Михалыч щелкал фотоаппаратом, Акакий Акакиевич по знаку Латова быстро сделал то же самое. Казаки лихо вынимали кости, укладывали на подстеленные тужурки. Вместе с костями выбросили несколько бронзовых пуговиц, расплющенную о человеческое тело, потерявшую форму пулю. И сняли фуражки, закрестились, забормотали что-то… К удивлению Ирины, так же крестился, бормотал с ними Михалыч.
А потом Михалыч обошел, как вкопанное бревно, Фрола Филиппыча, прыгнул в яму, пошуровал там лопатой…
— А грунт и дальше мешаный! — сообщил Михалыч казакам.
Те давно уже стояли на краю, вопросительно глядели на Михалыча. Ирине показалось, что они то ли кивнули, то ли подмигнули друг другу… Или это только показалось? Во всяком случае, Михалыч сразу же полез наверх, а казаки посыпались вниз, и дружно взялись за лопаты.
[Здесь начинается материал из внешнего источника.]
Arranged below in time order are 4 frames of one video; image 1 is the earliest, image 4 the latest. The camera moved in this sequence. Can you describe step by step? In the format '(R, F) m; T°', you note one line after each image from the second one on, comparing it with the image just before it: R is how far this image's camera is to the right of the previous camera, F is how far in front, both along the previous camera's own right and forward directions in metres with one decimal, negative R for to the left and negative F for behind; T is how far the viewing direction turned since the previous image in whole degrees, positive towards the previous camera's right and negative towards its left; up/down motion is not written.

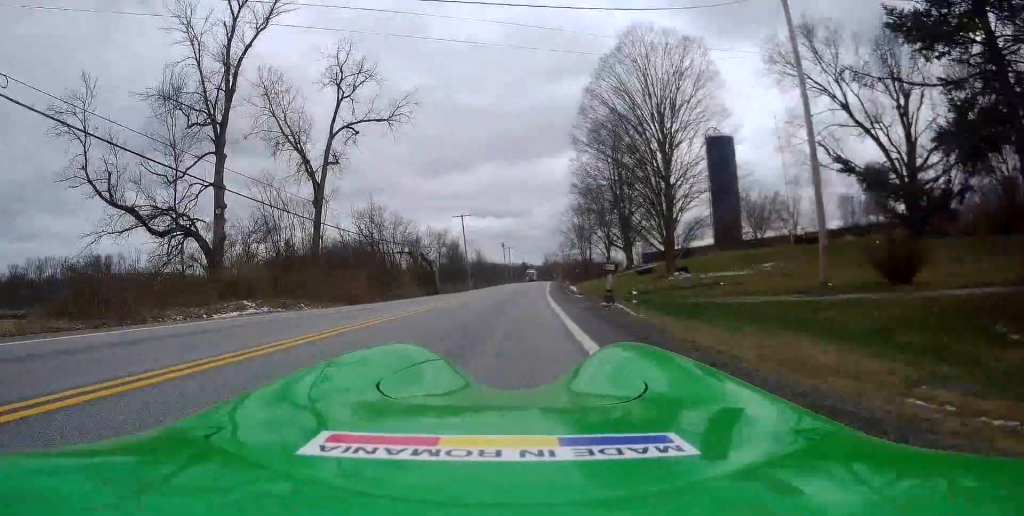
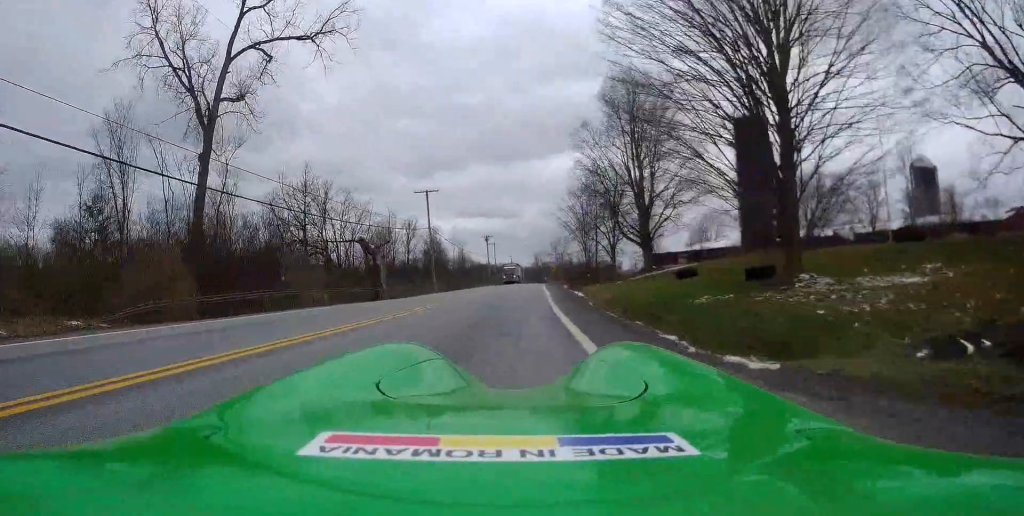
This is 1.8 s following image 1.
(+0.1, +20.2) m; +2°
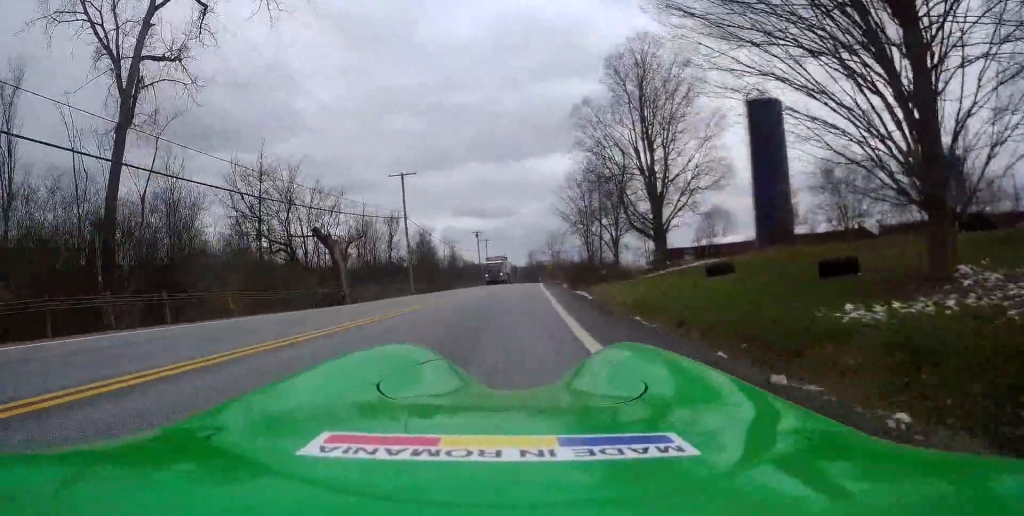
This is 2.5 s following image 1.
(+0.2, +9.1) m; +3°
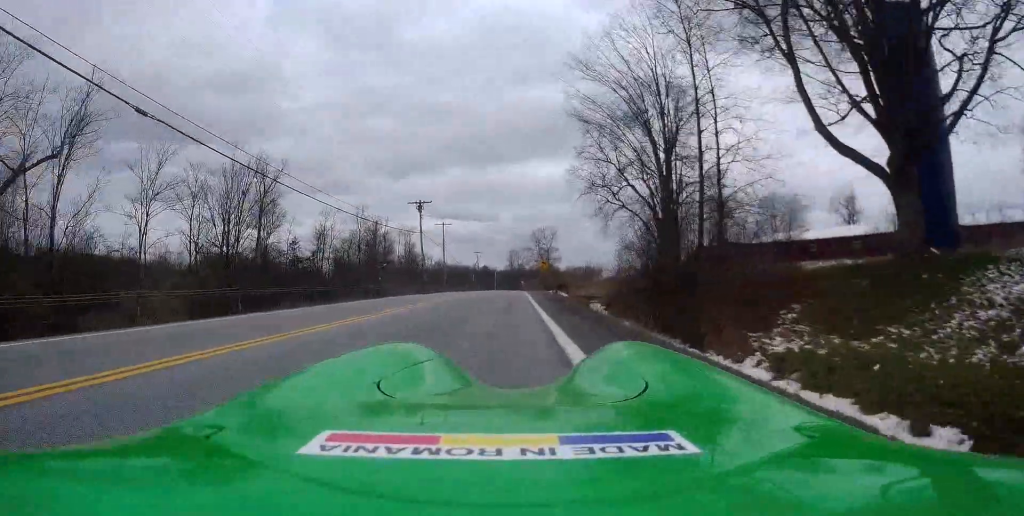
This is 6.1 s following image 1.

Мешаная, мягкая земля летела по всему контуру, через какие-то полметра лопата шваркнула вдруг об металл.
— А ну!
А это был железный ящик. Небольшой, сантиметров сорок на пятьдесят, самый натуральный ящик, сваренный из толстых кусков и пластин металла, проржавевший, но еще весьма прочный. Лопата гудела, ударяя в полые бока, отскакивала от толстого слоя железа. Только вдвоем, кряхтя, увесистый ящик подняли и перебросили наверх.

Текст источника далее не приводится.